• _Task statement_: Pictures stay out; print the rest of the listing below exactly as it stands.
╭─ Records provided
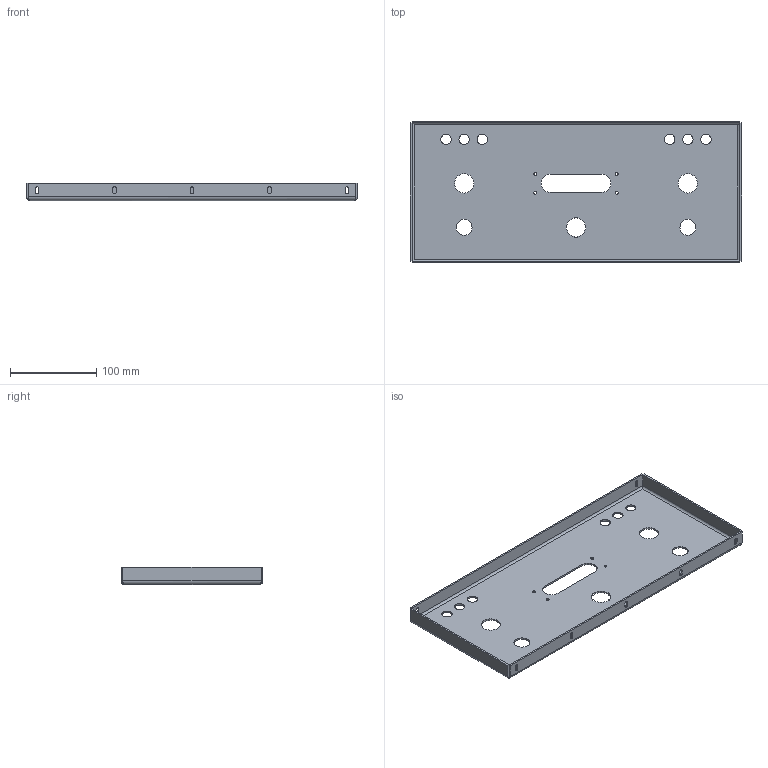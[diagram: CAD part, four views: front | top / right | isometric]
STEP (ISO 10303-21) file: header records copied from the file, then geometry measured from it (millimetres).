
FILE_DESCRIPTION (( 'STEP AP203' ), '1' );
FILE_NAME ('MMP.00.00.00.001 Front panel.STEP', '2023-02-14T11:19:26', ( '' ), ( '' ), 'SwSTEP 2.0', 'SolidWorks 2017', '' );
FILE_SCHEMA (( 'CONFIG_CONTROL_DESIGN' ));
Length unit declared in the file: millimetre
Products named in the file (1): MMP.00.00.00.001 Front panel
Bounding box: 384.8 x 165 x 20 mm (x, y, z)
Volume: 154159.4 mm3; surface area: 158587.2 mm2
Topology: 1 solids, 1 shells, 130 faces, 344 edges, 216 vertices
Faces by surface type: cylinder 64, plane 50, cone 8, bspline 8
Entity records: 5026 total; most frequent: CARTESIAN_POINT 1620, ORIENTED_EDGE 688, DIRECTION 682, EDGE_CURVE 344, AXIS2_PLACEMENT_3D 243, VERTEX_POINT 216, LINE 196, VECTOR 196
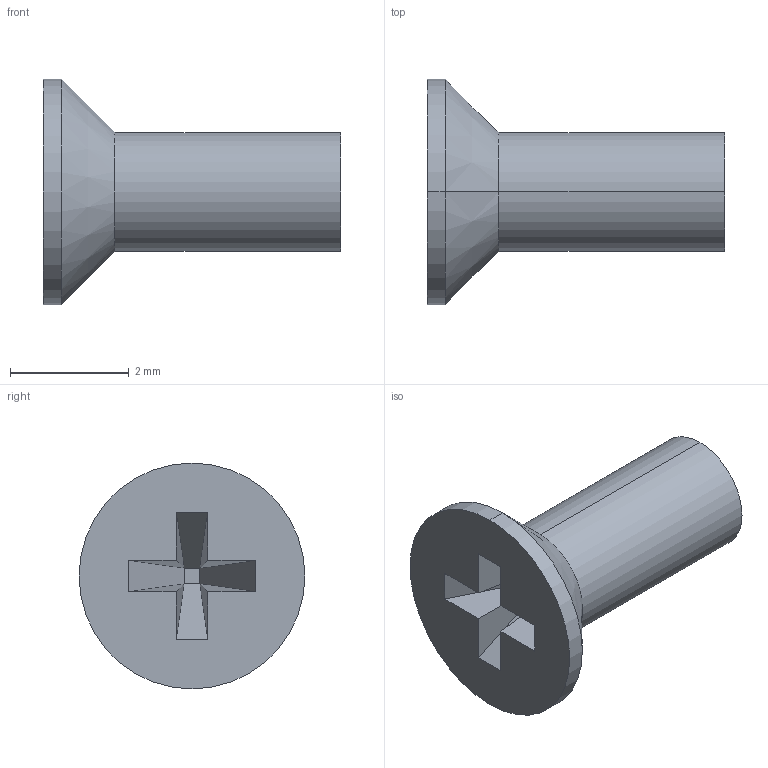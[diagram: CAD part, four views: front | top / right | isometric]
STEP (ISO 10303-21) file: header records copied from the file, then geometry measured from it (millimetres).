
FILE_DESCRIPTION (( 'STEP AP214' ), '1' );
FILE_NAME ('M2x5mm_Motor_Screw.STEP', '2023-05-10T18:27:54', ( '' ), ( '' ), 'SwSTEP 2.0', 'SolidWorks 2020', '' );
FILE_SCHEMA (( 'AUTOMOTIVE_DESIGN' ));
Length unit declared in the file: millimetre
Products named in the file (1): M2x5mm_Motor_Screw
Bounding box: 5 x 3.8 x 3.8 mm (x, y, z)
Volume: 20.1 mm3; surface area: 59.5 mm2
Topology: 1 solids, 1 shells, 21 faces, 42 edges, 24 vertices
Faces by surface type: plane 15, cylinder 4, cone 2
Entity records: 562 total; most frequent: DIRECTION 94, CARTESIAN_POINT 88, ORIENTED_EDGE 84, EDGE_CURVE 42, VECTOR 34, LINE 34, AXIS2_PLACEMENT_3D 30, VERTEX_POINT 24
╰─
• _Output_:
[diagram: CAD part, four views: front | top / right | isometric]
STEP (ISO 10303-21) file: header records copied from the file, then geometry measured from it (millimetres).
FILE_DESCRIPTION (( 'STEP AP203' ), '1' );
FILE_NAME ('MMP.00.00.00.001 Front panel.STEP', '2023-02-14T11:19:26', ( '' ), ( '' ), 'SwSTEP 2.0', 'SolidWorks 2017', '' );
FILE_SCHEMA (( 'CONFIG_CONTROL_DESIGN' ));
Length unit declared in the file: millimetre
Products named in the file (1): MMP.00.00.00.001 Front panel
Bounding box: 384.8 x 165 x 20 mm (x, y, z)
Volume: 154159.4 mm3; surface area: 158587.2 mm2
Topology: 1 solids, 1 shells, 130 faces, 344 edges, 216 vertices
Faces by surface type: cylinder 64, plane 50, cone 8, bspline 8
Entity records: 5026 total; most frequent: CARTESIAN_POINT 1620, ORIENTED_EDGE 688, DIRECTION 682, EDGE_CURVE 344, AXIS2_PLACEMENT_3D 243, VERTEX_POINT 216, LINE 196, VECTOR 196
[diagram: CAD part, four views: front | top / right | isometric]
STEP (ISO 10303-21) file: header records copied from the file, then geometry measured from it (millimetres).
FILE_DESCRIPTION (( 'STEP AP214' ), '1' );
FILE_NAME ('M2x5mm_Motor_Screw.STEP', '2023-05-10T18:27:54', ( '' ), ( '' ), 'SwSTEP 2.0', 'SolidWorks 2020', '' );
FILE_SCHEMA (( 'AUTOMOTIVE_DESIGN' ));
Length unit declared in the file: millimetre
Products named in the file (1): M2x5mm_Motor_Screw
Bounding box: 5 x 3.8 x 3.8 mm (x, y, z)
Volume: 20.1 mm3; surface area: 59.5 mm2
Topology: 1 solids, 1 shells, 21 faces, 42 edges, 24 vertices
Faces by surface type: plane 15, cylinder 4, cone 2
Entity records: 562 total; most frequent: DIRECTION 94, CARTESIAN_POINT 88, ORIENTED_EDGE 84, EDGE_CURVE 42, VECTOR 34, LINE 34, AXIS2_PLACEMENT_3D 30, VERTEX_POINT 24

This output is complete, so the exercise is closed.